### WORK TASK
Word for word, copy the entire listing below, but do not carry over any pictures.

### SUPPLIED INFORMATION
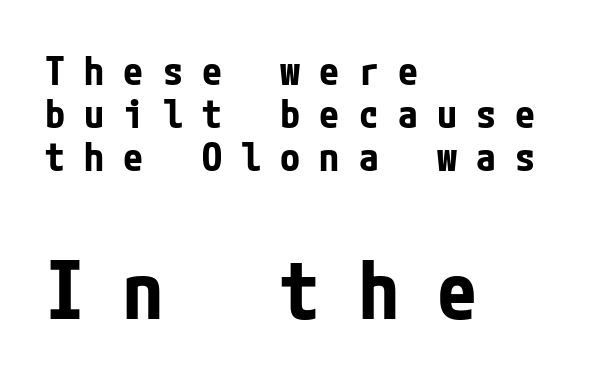
The image shows 80 px bold, condensed sans-serif type, upright; set left-aligned, tight line spacing (1.08x), unusually wide letter spacing (+0.48 em), not underlined; the second (bottom) block is 2.0x larger; low stroke contrast and a medium x-height.
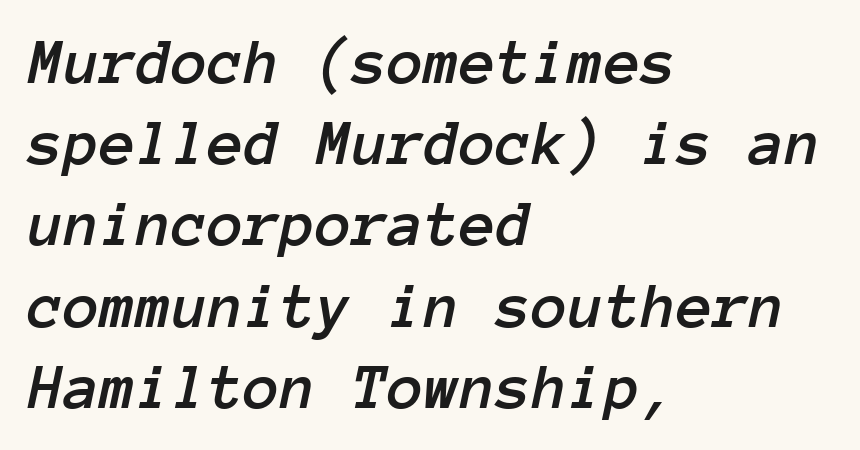
{"italic": "yes", "lean": "right", "slant_degrees": 12, "width": "normal", "stroke_contrast": "low", "x_height": "medium", "monospaced": "yes", "underline": "no", "align": "left", "line_spacing_ratio": 1.23, "letter_spacing": "normal", "letter_spacing_em": 0.0, "glyph_px": 66}
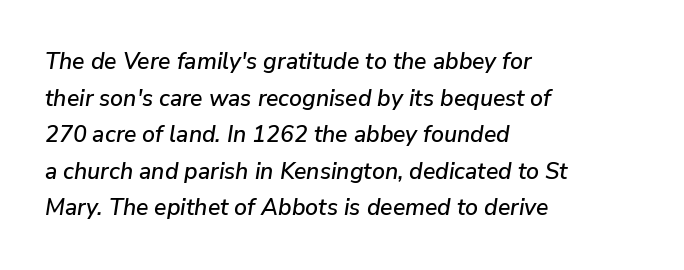
The image shows 23 px text type, italic (leaning right); set left-aligned, normal line spacing (1.59x), normal letter spacing, not underlined.
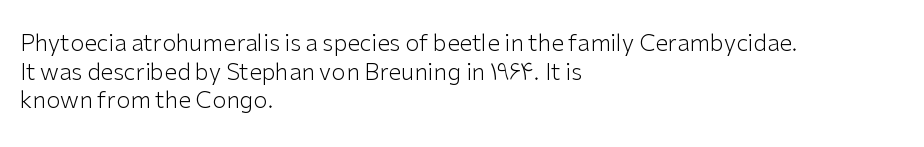
Q: Is the text bold? A: No.
Q: Is the text italic (slanted)? A: No, it is upright.
Q: Is the text underlined? A: No.
Q: How is the paragraph aligned? A: Left-aligned.
Q: Is the spacing between letters normal or unusually wide? A: Normal.

### EXPECTED ANSWER
The image shows 80 px bold, condensed sans-serif type, upright; set left-aligned, tight line spacing (1.08x), unusually wide letter spacing (+0.48 em), not underlined; the second (bottom) block is 2.0x larger; low stroke contrast and a medium x-height.
{"italic": "yes", "lean": "right", "slant_degrees": 12, "width": "normal", "stroke_contrast": "low", "x_height": "medium", "monospaced": "yes", "underline": "no", "align": "left", "line_spacing_ratio": 1.23, "letter_spacing": "normal", "letter_spacing_em": 0.0, "glyph_px": 66}
The image shows 23 px text type, italic (leaning right); set left-aligned, normal line spacing (1.59x), normal letter spacing, not underlined.
Q: Is the text bold? A: No.
Q: Is the text italic (slanted)? A: No, it is upright.
Q: Is the text underlined? A: No.
Q: How is the paragraph aligned? A: Left-aligned.
Q: Is the spacing between letters normal or unusually wide? A: Normal.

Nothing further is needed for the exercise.